If $ g(x) \geq 0 $ and, I want to calculate $ \int f(x)g(x) dx $ for some $ f(x)$. Can I find a constant $c$ satisfying $$ \int f(x)g(x) dx = \int cf(x) dx \text{ ? }$$
or even can I claim that $ c= g(x) \text{ a.e} $ ?
The reason why I stuck at this problem is that for my research, $ \int f(x)g(x) dx $ is almost impossible to calculate. But $ \int f(x) dx $ is easy to calculate. So, I want to know whether I can find a constant $c$ or not. If possible, I can add some more assumptions to $f(x) \text{ and } g(x)$. Any suggestions will be helpful to me.
Let $\;D_{\!f}^{\,*}\!=\left\{x\;\big|\;x\in\mathrm{dom}\,f\;\land\;f(x)\neq0\right\}\,.$
If there exists a constant $\,c\,$ such that
$\displaystyle\int\!f(x)g(x)\,\mathrm dx=\!\int\!cf(x)\,\mathrm dx\;\;,$
then it results that
$f(x)g(x)=cf(x)\quad$ for any $\,x\in\mathrm{dom}\, f\cap\mathrm{dom}\,g\;\;,$
$g(x)=c\quad$ for any $\,x\in D_{\!f}^{\,*}\!\cap\mathrm{dom}\,g\;.\\[10pt]$
Addendum :
It is not possible to prove that $\,g(x)=c\,$ a.e. indeed there exists the following counterexample.

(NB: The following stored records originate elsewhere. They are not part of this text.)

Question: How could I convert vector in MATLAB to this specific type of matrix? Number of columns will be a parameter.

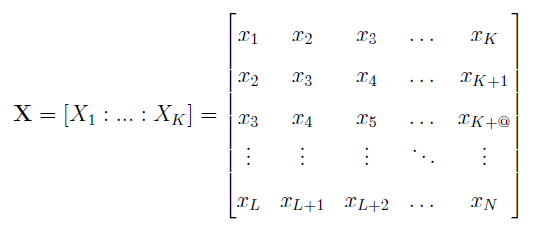
Answer: You can build (once for all) a matrix with the indices (1:L on first column, 1:K on first row, etc), then simply do a selection from the data vector based on those indices
'''
% matrix containing the indices
indices = bsxfun(@plus,(0:L-1)',(0:K-1)) + 1; % L-by-K matrix
% now get the data from the vector, based on the indices
X=x(indices);
'''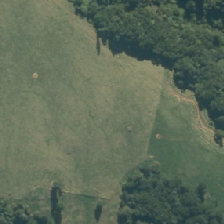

Let $\,f:[-1,1]\to\Bbb R\,$ the function defined as
$f(x)=\begin{cases}0&\text{if }\,x\in[-1,0)\\[5pt]x^2&\text{if }\,x\in[0,1]\;\;\;.\end{cases}$
Let $\,g:[-1,1]\to\Bbb R\,$ the function defined as
$g(x)=\begin{cases}x^2+c&\text{if }\,x\in[-1,0)\\[5pt]c&\text{if }\,x\in[0,1]\;\;\;.\end{cases}$
It results that
$f(x)g(x)=cf(x)\quad$ for any $\,x\in[-1,1]\,.$
Moreover ,
$\displaystyle\int\!f(x)g(x)\,\mathrm dx=\!\int\!cf(x)\,\mathrm dx=H(x)+\mathrm{constant}$
where
$H(x)=\begin{cases}0&\text{if }\,x\in[-1,0)\\[5pt]\dfrac c3x^3&\text{if }\,x\in[0,1]\end{cases}$
but the function $\,g\,$ is not equal to $\,c\,$ a.e.